* [The records]:
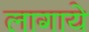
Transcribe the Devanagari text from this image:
लागाये
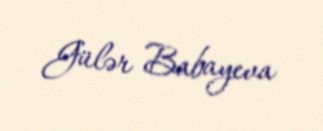
Gülər Babayeva
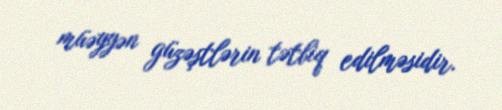
müəyyən güzəştlərin tətbiq edilməsidir.
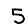
Digit: 5
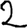
Digit: 2
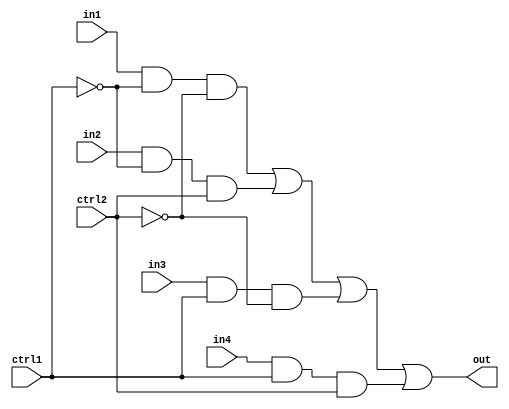
// 4  1 MUX - 
module mux4_2(out,in1,in2,in3,in4,ctrl1,ctrl2);
input in1,in2,in3,in4,ctrl1,ctrl2;
output out;

wire ctrl1n, ctrl2n, w, x, y, z;
not (ctrl1n,ctrl1), 
    (ctrl2n,ctrl2);
and (w,in1,ctrl1n,ctrl2n),
    (x,in2,ctrl1n,ctrl2),
    (y,in3,ctrl1,ctrl2n),
    (z,in4,ctrl1,ctrl2);
or (out,w,x,y,z);

endmodule
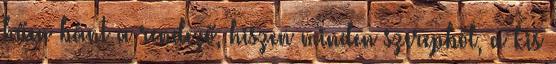
hűen bánt a rendező, hiszen minden szerepből, a kis
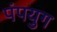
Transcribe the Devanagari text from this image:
पंपयुग
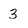
Character: 3
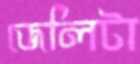
জেলিটা
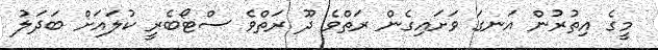
މީގެ އިތުރުން އަނގަ ވަށައިގެން ރަތްވެ ދޫ ރަތްވެ ސްޓޯބެރީ ކުލައަށް ބަދަލު
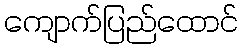
ကျောက်ပြည်ထောင်
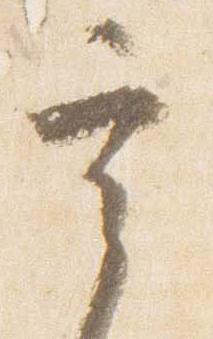
宰
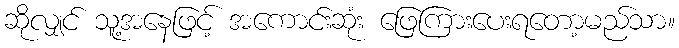
ဆိုလျှင် သူ့အနေဖြင့် အကောင်းဆုံး ဖြေကြားပေးရတော့မည်သာ။
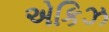
એકિઝ
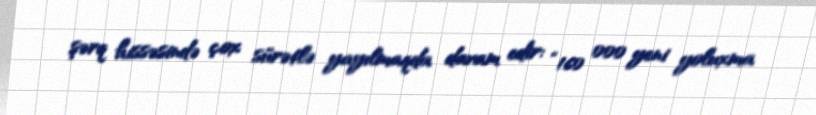
şərq hissəsində çox sürətlə yayılmaqda davam edir: “160 000 yeni yoluxma
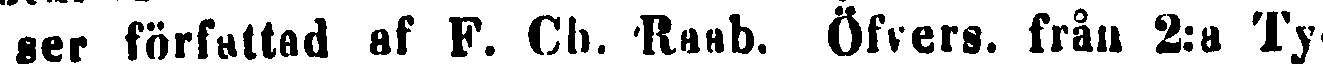
ser författad af F. Ch. Raab. Öfvers. från 2:a Ty
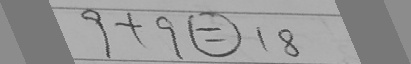
9 + 9 \textcircled { = } 1 8
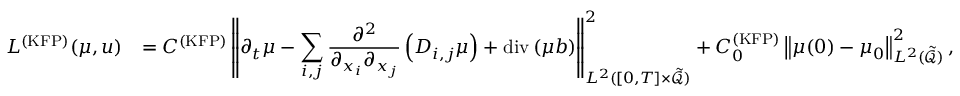
\begin{array} { r l } { L ^ { \mathrm { ( K F P ) } } ( \mu , u ) } & { = C ^ { \mathrm { ( K F P ) } } \left\| \displaystyle \partial _ { t } \mu - \sum _ { i , j } \frac { \partial ^ { 2 } } { \partial _ { x _ { i } } \partial _ { x _ { j } } } \left( D _ { i , j } \mu \right) + \mathrm { d i v } \left( \mu b \right) \right\| _ { L ^ { 2 } ( [ 0 , T ] \times \tilde { \mathcal { Q } } ) } ^ { 2 } + C _ { 0 } ^ { \mathrm { ( K F P ) } } \left\| \mu ( 0 ) - \mu _ { 0 } \right\| _ { L ^ { 2 } ( \tilde { \mathcal { Q } } ) } ^ { 2 } , } \end{array}
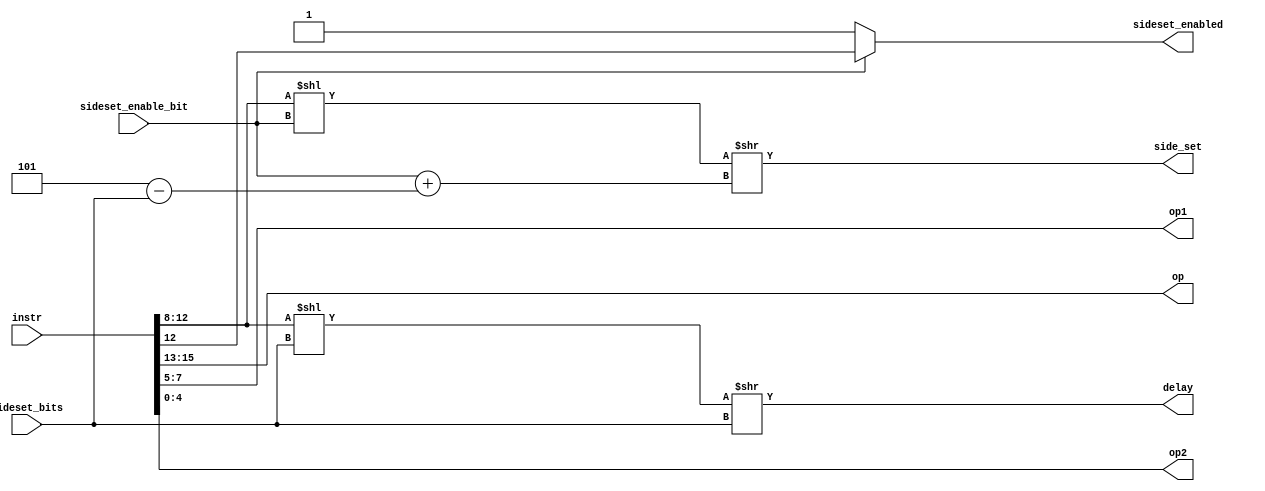
// This program was cloned from: https://github.com/lawrie/fpga_pio
// License: BSD 2-Clause "Simplified" License

// SPDX-FileCopyrightText: 2022 Lawrie Griffiths
// SPDX-License-Identifier: BSD-2-Clause

`default_nettype none
module decoder (
  input [15:0] instr,
  input [2:0]  sideset_bits,
  input        sideset_enable_bit,
  output [2:0] op,
  output [2:0] op1,
  output [4:0] op2,
  output [4:0] delay,
  output [4:0] side_set,
  output       sideset_enabled
);

  wire [2:0] delay_bits = 5 - sideset_bits;

  assign op = instr[15:13];
  assign op1 = instr[7:5];
  assign op2 = instr[4:0];
  assign delay = (instr[12:8] << sideset_bits) >> sideset_bits;
  assign side_set = instr[12:8] << sideset_enable_bit >> sideset_enable_bit + delay_bits;
  assign sideset_enabled = sideset_enable_bit ? instr[12] : 1;

endmodule
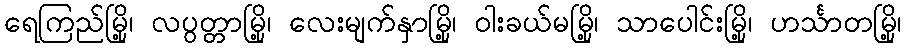
ရေကြည်မြို့၊ လပွတ္တာမြို့၊ လေးမျက်နှာမြို့၊ ဝါးခယ်မမြို့၊ သာပေါင်းမြို့၊ ဟင်္သာတမြို့၊
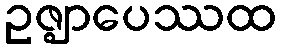
ဥဇ္ဈာပေဿထ
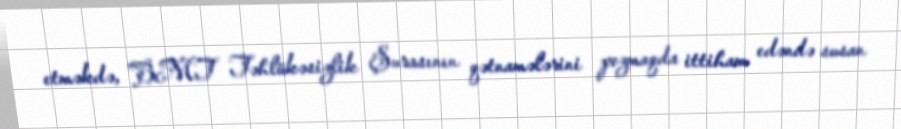
etməkdə, BMT Təhlükəsizlik Şurasının qətnamələrini pozmaqda ittiham edəndə susan
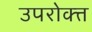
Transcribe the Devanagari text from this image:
उपरोक्त्त
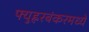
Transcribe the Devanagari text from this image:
फ्युह्ररबंकरमध्ये
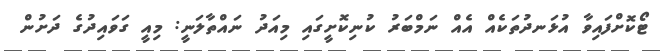
ޓޯކޮށްފައިވާ އުޅަނދުތަކެއް އެއް ނަމްބަރު ކުނިކޮށީގައި މިއަދު ނައްތާލަނީ: މިއީ ގަވައިދުގެ ދަށުން
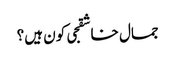
جمال خاشقجی کون ہیں؟
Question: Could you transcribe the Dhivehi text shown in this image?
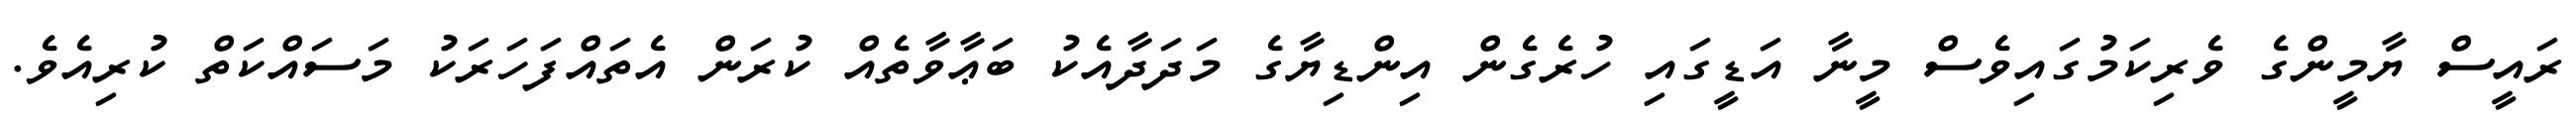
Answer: ރައީސް ޔާމީންގެ ވެރިކަމުގައިވެސް މީނާ އަޑީގައި ހުރެގެން އިންޑިޔާގެ މަދަދާއެކު ބަޢާވާތެއް ކުރަން އެތައްފަހަރަކު މަސައްކަތް ކުރިއެވެ.
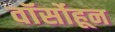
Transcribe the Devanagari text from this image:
वॉर्सोहून
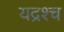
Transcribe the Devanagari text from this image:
यद्रश्च
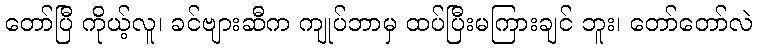
တော်ပြီ ကိုယ့်လူ၊ ခင်ဗျားဆီက ကျုပ်ဘာမှ ထပ်ပြီးမကြားချင် ဘူး၊ တော်တော်လဲ
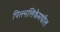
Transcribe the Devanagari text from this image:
पित्त्नलिकेमधील
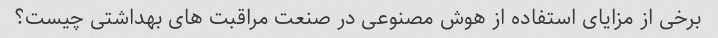
برخی از مزایای استفاده از هوش مصنوعی در صنعت مراقبت های بهداشتی چیست؟
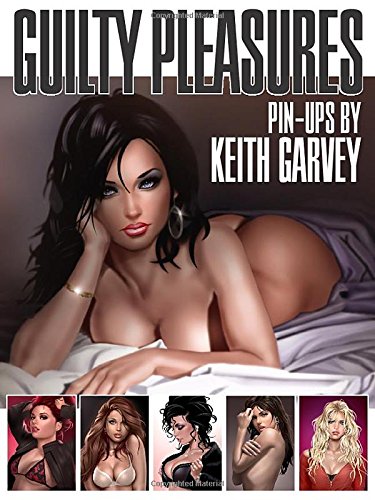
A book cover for Guilty Pleasures: Pin-Ups by Keith Garvey; Keith Garvey; Comics & Graphic Novels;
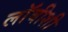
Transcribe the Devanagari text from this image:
लाॅबीशी
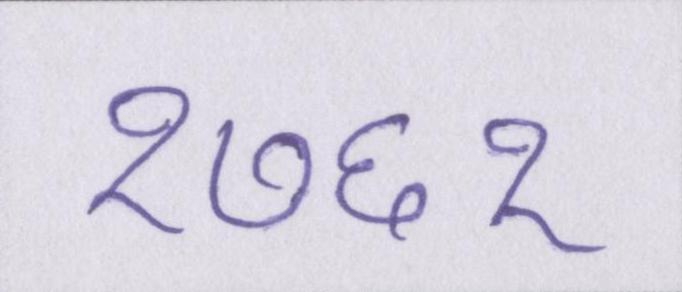
१७६१
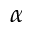
\alpha
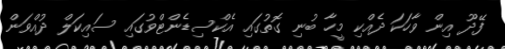
ފޭދޫ އިން ވާހަކަ ދެއްކި މީހާ ބުނި ގޮތުގައި އެކްސިޑެންޓްވުގައި ސައިކަލް ދުއްވަން
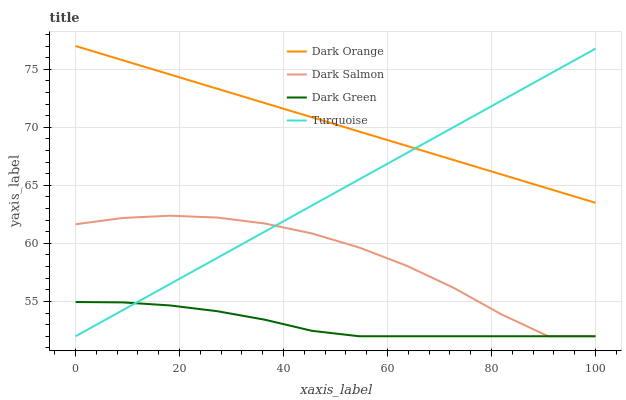
| xaxis_label | Dark Orange | Dark Salmon | Dark Green | Turquoise |
 | --- | --- | --- | --- | --- |
 | 0 | 77 | 61.6 | 54.9 | 52 |
 | 9.09 | 75.8 | 62.2 | 54.9 | 54.3 |
 | 18.2 | 74.5 | 62.4 | 54.7 | 56.5 |
 | 27.3 | 73.3 | 62.2 | 54.2 | 58.8 |
 | 36.4 | 72.1 | 61.7 | 53.4 | 61 |
 | 45.5 | 70.9 | 60.9 | 52.5 | 63.3 |
 | 54.5 | 69.6 | 59.6 | 52 | 65.5 |
 | 63.6 | 68.4 | 58.1 | 52 | 67.8 |
 | 72.7 | 67.2 | 56.2 | 52 | 70 |
 | 81.8 | 65.9 | 53.9 | 52 | 72.3 |
 | 90.9 | 64.7 | 52 | 52 | 74.5 |
 | 100 | 63.5 | 52 | 52 | 76.8 |
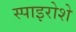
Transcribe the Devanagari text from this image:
स्पाइरोशे
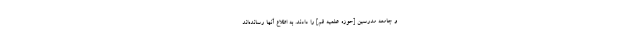
و جامعه مدرسین [حوزه علمیه قم] را دادند. به اطلاع آنها رسانده‌اند
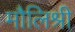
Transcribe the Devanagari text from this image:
मौलिश्री
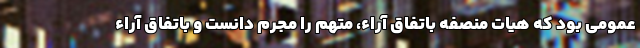
عمومی بود که هیات منصفه باتفاق آراء، متهم را مجرم دانست و باتفاق آراء
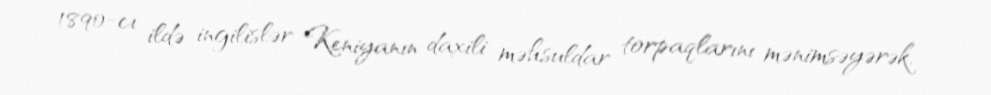
1890-cı ildə ingilislər Keniyanın daxili məhsuldar torpaqlarını mənimsəyərək,
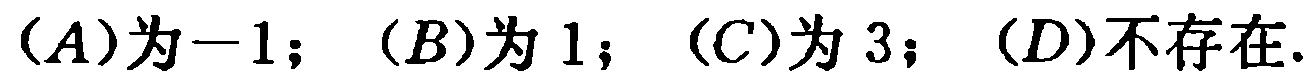
$(A)为-1；(B)为1；(C)为3；(D)不存在.$
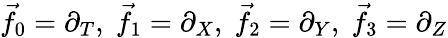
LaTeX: {\vec{f}}_{0}=\partial_{T},\; {\vec{f}}_{1}=\partial_{X},\; {\vec{f}}_{2}=\partial_{Y},\; {\vec{f}}_{3}=\partial_{Z}
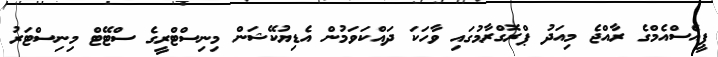
ޕީއެސްއެމްގެ ރާއްޖެ މިއަދު ޕްރޮގްރާމުގައި ވާހަކަ ދައްކަވަމުން އެޑިޔުކޭޝަން މިނިސްޓްރީގެ ސްޓޭޓް މިނިސްޓަރު
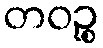
တဝဉ္စ
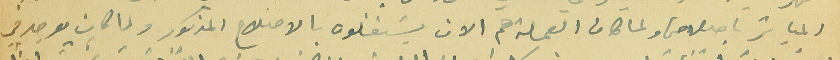
المباشر باصلاحها ولما كان العملة هم الان يشتغلون بالاصلاح المذكور ولما كان يوجد في
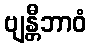
ဗျန္တီဘာဝံ

* [Task details]: Drop every picture and repeat the rest of the entries exactly.

* [Task response]:
Transcribe the Devanagari text from this image:
लागाये
Gülər Babayeva
müəyyən güzəştlərin tətbiq edilməsidir.
Digit: 5
Digit: 2
// 4  1 MUX - 
module mux4_2(out,in1,in2,in3,in4,ctrl1,ctrl2);
input in1,in2,in3,in4,ctrl1,ctrl2;
output out;

wire ctrl1n, ctrl2n, w, x, y, z;
not (ctrl1n,ctrl1), 
    (ctrl2n,ctrl2);
and (w,in1,ctrl1n,ctrl2n),
    (x,in2,ctrl1n,ctrl2),
    (y,in3,ctrl1,ctrl2n),
    (z,in4,ctrl1,ctrl2);
or (out,w,x,y,z);

endmodule
hűen bánt a rendező, hiszen minden szerepből, a kis
Transcribe the Devanagari text from this image:
पंपयुग
Character: 3
জেলিটা
މީގެ އިތުރުން އަނގަ ވަށައިގެން ރަތްވެ ދޫ ރަތްވެ ސްޓޯބެރީ ކުލައަށް ބަދަލު
ကျောက်ပြည်ထောင်
宰
ဆိုလျှင် သူ့အနေဖြင့် အကောင်းဆုံး ဖြေကြားပေးရတော့မည်သာ။
એકિઝ
şərq hissəsində çox sürətlə yayılmaqda davam edir: “160 000 yeni yoluxma
ser författad af F. Ch. Raab. Öfvers. från 2:a Ty
9 + 9 \textcircled { = } 1 8
\begin{array} { r l } { L ^ { \mathrm { ( K F P ) } } ( \mu , u ) } & { = C ^ { \mathrm { ( K F P ) } } \left\| \displaystyle \partial _ { t } \mu - \sum _ { i , j } \frac { \partial ^ { 2 } } { \partial _ { x _ { i } } \partial _ { x _ { j } } } \left( D _ { i , j } \mu \right) + \mathrm { d i v } \left( \mu b \right) \right\| _ { L ^ { 2 } ( [ 0 , T ] \times \tilde { \mathcal { Q } } ) } ^ { 2 } + C _ { 0 } ^ { \mathrm { ( K F P ) } } \left\| \mu ( 0 ) - \mu _ { 0 } \right\| _ { L ^ { 2 } ( \tilde { \mathcal { Q } } ) } ^ { 2 } , } \end{array}
// This program was cloned from: https://github.com/lawrie/fpga_pio
// License: BSD 2-Clause "Simplified" License

// SPDX-FileCopyrightText: 2022 Lawrie Griffiths
// SPDX-License-Identifier: BSD-2-Clause

`default_nettype none
module decoder (
  input [15:0] instr,
  input [2:0]  sideset_bits,
  input        sideset_enable_bit,
  output [2:0] op,
  output [2:0] op1,
  output [4:0] op2,
  output [4:0] delay,
  output [4:0] side_set,
  output       sideset_enabled
);

  wire [2:0] delay_bits = 5 - sideset_bits;

  assign op = instr[15:13];
  assign op1 = instr[7:5];
  assign op2 = instr[4:0];
  assign delay = (instr[12:8] << sideset_bits) >> sideset_bits;
  assign side_set = instr[12:8] << sideset_enable_bit >> sideset_enable_bit + delay_bits;
  assign sideset_enabled = sideset_enable_bit ? instr[12] : 1;

endmodule
ရေကြည်မြို့၊ လပွတ္တာမြို့၊ လေးမျက်နှာမြို့၊ ဝါးခယ်မမြို့၊ သာပေါင်းမြို့၊ ဟင်္သာတမြို့၊
ဥဇ္ဈာပေဿထ
etməkdə, BMT Təhlükəsizlik Şurasının qətnamələrini pozmaqda ittiham edəndə susan
Transcribe the Devanagari text from this image:
उपरोक्त्त
Transcribe the Devanagari text from this image:
फ्युह्ररबंकरमध्ये
ޓޯކޮށްފައިވާ އުޅަނދުތަކެއް އެއް ނަމްބަރު ކުނިކޮށީގައި މިއަދު ނައްތާލަނީ: މިއީ ގަވައިދުގެ ދަށުން
جمال خاشقجی کون ہیں؟
Question: Could you transcribe the Dhivehi text shown in this image?
Answer: ރައީސް ޔާމީންގެ ވެރިކަމުގައިވެސް މީނާ އަޑީގައި ހުރެގެން އިންޑިޔާގެ މަދަދާއެކު ބަޢާވާތެއް ކުރަން އެތައްފަހަރަކު މަސައްކަތް ކުރިއެވެ.
Transcribe the Devanagari text from this image:
वॉर्सोहून
Transcribe the Devanagari text from this image:
यद्रश्च
တော်ပြီ ကိုယ့်လူ၊ ခင်ဗျားဆီက ကျုပ်ဘာမှ ထပ်ပြီးမကြားချင် ဘူး၊ တော်တော်လဲ
Transcribe the Devanagari text from this image:
पित्त्नलिकेमधील
برخی از مزایای استفاده از هوش مصنوعی در صنعت مراقبت های بهداشتی چیست؟
A book cover for Guilty Pleasures: Pin-Ups by Keith Garvey; Keith Garvey; Comics & Graphic Novels;
Transcribe the Devanagari text from this image:
लाॅबीशी
१७६१
\alpha
ފޭދޫ އިން ވާހަކަ ދެއްކި މީހާ ބުނި ގޮތުގައި އެކްސިޑެންޓްވުގައި ސައިކަލް ދުއްވަން
| xaxis_label | Dark Orange | Dark Salmon | Dark Green | Turquoise |
 | --- | --- | --- | --- | --- |
 | 0 | 77 | 61.6 | 54.9 | 52 |
 | 9.09 | 75.8 | 62.2 | 54.9 | 54.3 |
 | 18.2 | 74.5 | 62.4 | 54.7 | 56.5 |
 | 27.3 | 73.3 | 62.2 | 54.2 | 58.8 |
 | 36.4 | 72.1 | 61.7 | 53.4 | 61 |
 | 45.5 | 70.9 | 60.9 | 52.5 | 63.3 |
 | 54.5 | 69.6 | 59.6 | 52 | 65.5 |
 | 63.6 | 68.4 | 58.1 | 52 | 67.8 |
 | 72.7 | 67.2 | 56.2 | 52 | 70 |
 | 81.8 | 65.9 | 53.9 | 52 | 72.3 |
 | 90.9 | 64.7 | 52 | 52 | 74.5 |
 | 100 | 63.5 | 52 | 52 | 76.8 |
Transcribe the Devanagari text from this image:
स्पाइरोशे
و جامعه مدرسین [حوزه علمیه قم] را دادند. به اطلاع آنها رسانده‌اند
Transcribe the Devanagari text from this image:
मौलिश्री
عمومی بود که هیات منصفه باتفاق آراء، متهم را مجرم دانست و باتفاق آراء
1890-cı ildə ingilislər Keniyanın daxili məhsuldar torpaqlarını mənimsəyərək,
$(A)为-1；(B)为1；(C)为3；(D)不存在.$
LaTeX: {\vec{f}}_{0}=\partial_{T},\; {\vec{f}}_{1}=\partial_{X},\; {\vec{f}}_{2}=\partial_{Y},\; {\vec{f}}_{3}=\partial_{Z}
ޕީއެސްއެމްގެ ރާއްޖެ މިއަދު ޕްރޮގްރާމުގައި ވާހަކަ ދައްކަވަމުން އެޑިޔުކޭޝަން މިނިސްޓްރީގެ ސްޓޭޓް މިނިސްޓަރު
တဝဉ္စ
المباشر باصلاحها ولما كان العملة هم الان يشتغلون بالاصلاح المذكور ولما كان يوجد في
ဗျန္တီဘာဝံ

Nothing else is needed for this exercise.